ACTION ITEM: The entries need to be copied exactly.

*** INPUT MATERIAL ***

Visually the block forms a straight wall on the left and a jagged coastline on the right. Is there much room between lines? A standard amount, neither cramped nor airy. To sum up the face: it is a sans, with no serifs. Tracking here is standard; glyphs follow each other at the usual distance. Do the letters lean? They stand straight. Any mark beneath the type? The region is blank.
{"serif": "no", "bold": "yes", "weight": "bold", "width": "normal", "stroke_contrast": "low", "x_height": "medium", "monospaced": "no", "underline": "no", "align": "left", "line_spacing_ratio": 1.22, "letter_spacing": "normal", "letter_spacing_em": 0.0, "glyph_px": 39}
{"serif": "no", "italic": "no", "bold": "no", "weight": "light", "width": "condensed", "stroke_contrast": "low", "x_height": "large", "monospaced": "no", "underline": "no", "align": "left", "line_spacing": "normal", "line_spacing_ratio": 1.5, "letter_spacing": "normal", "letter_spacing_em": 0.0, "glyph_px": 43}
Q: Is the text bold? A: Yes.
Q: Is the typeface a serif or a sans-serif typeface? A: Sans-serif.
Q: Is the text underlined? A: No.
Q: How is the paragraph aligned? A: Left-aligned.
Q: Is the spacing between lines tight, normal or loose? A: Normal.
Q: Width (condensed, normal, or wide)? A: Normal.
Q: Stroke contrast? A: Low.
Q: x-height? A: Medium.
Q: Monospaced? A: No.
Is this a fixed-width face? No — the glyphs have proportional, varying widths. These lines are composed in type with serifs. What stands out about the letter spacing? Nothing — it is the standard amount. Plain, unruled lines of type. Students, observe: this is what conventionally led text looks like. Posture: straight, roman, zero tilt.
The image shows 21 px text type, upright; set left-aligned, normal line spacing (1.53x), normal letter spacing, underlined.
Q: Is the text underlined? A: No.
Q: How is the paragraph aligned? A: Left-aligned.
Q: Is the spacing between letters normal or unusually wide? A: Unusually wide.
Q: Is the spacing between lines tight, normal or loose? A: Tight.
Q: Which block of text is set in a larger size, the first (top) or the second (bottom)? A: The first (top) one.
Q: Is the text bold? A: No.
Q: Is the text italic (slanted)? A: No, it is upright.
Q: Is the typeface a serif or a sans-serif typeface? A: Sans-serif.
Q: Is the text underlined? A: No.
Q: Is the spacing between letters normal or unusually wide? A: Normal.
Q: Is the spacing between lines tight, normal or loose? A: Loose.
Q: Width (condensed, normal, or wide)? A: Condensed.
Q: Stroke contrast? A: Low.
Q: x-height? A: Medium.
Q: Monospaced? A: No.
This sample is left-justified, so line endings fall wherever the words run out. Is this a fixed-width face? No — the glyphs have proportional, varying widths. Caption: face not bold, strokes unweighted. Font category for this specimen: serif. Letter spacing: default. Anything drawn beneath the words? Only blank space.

***

ANSWER SECTION:
Visually the block forms a straight wall on the left and a jagged coastline on the right. Is there much room between lines? A standard amount, neither cramped nor airy. To sum up the face: it is a sans, with no serifs. Tracking here is standard; glyphs follow each other at the usual distance. Do the letters lean? They stand straight. Any mark beneath the type? The region is blank.
{"serif": "no", "bold": "yes", "weight": "bold", "width": "normal", "stroke_contrast": "low", "x_height": "medium", "monospaced": "no", "underline": "no", "align": "left", "line_spacing_ratio": 1.22, "letter_spacing": "normal", "letter_spacing_em": 0.0, "glyph_px": 39}
{"serif": "no", "italic": "no", "bold": "no", "weight": "light", "width": "condensed", "stroke_contrast": "low", "x_height": "large", "monospaced": "no", "underline": "no", "align": "left", "line_spacing": "normal", "line_spacing_ratio": 1.5, "letter_spacing": "normal", "letter_spacing_em": 0.0, "glyph_px": 43}
Q: Is the text bold? A: Yes.
Q: Is the typeface a serif or a sans-serif typeface? A: Sans-serif.
Q: Is the text underlined? A: No.
Q: How is the paragraph aligned? A: Left-aligned.
Q: Is the spacing between lines tight, normal or loose? A: Normal.
Q: Width (condensed, normal, or wide)? A: Normal.
Q: Stroke contrast? A: Low.
Q: x-height? A: Medium.
Q: Monospaced? A: No.
Is this a fixed-width face? No — the glyphs have proportional, varying widths. These lines are composed in type with serifs. What stands out about the letter spacing? Nothing — it is the standard amount. Plain, unruled lines of type. Students, observe: this is what conventionally led text looks like. Posture: straight, roman, zero tilt.
The image shows 21 px text type, upright; set left-aligned, normal line spacing (1.53x), normal letter spacing, underlined.
Q: Is the text underlined? A: No.
Q: How is the paragraph aligned? A: Left-aligned.
Q: Is the spacing between letters normal or unusually wide? A: Unusually wide.
Q: Is the spacing between lines tight, normal or loose? A: Tight.
Q: Which block of text is set in a larger size, the first (top) or the second (bottom)? A: The first (top) one.
Q: Is the text bold? A: No.
Q: Is the text italic (slanted)? A: No, it is upright.
Q: Is the typeface a serif or a sans-serif typeface? A: Sans-serif.
Q: Is the text underlined? A: No.
Q: Is the spacing between letters normal or unusually wide? A: Normal.
Q: Is the spacing between lines tight, normal or loose? A: Loose.
Q: Width (condensed, normal, or wide)? A: Condensed.
Q: Stroke contrast? A: Low.
Q: x-height? A: Medium.
Q: Monospaced? A: No.
This sample is left-justified, so line endings fall wherever the words run out. Is this a fixed-width face? No — the glyphs have proportional, varying widths. Caption: face not bold, strokes unweighted. Font category for this specimen: serif. Letter spacing: default. Anything drawn beneath the words? Only blank space.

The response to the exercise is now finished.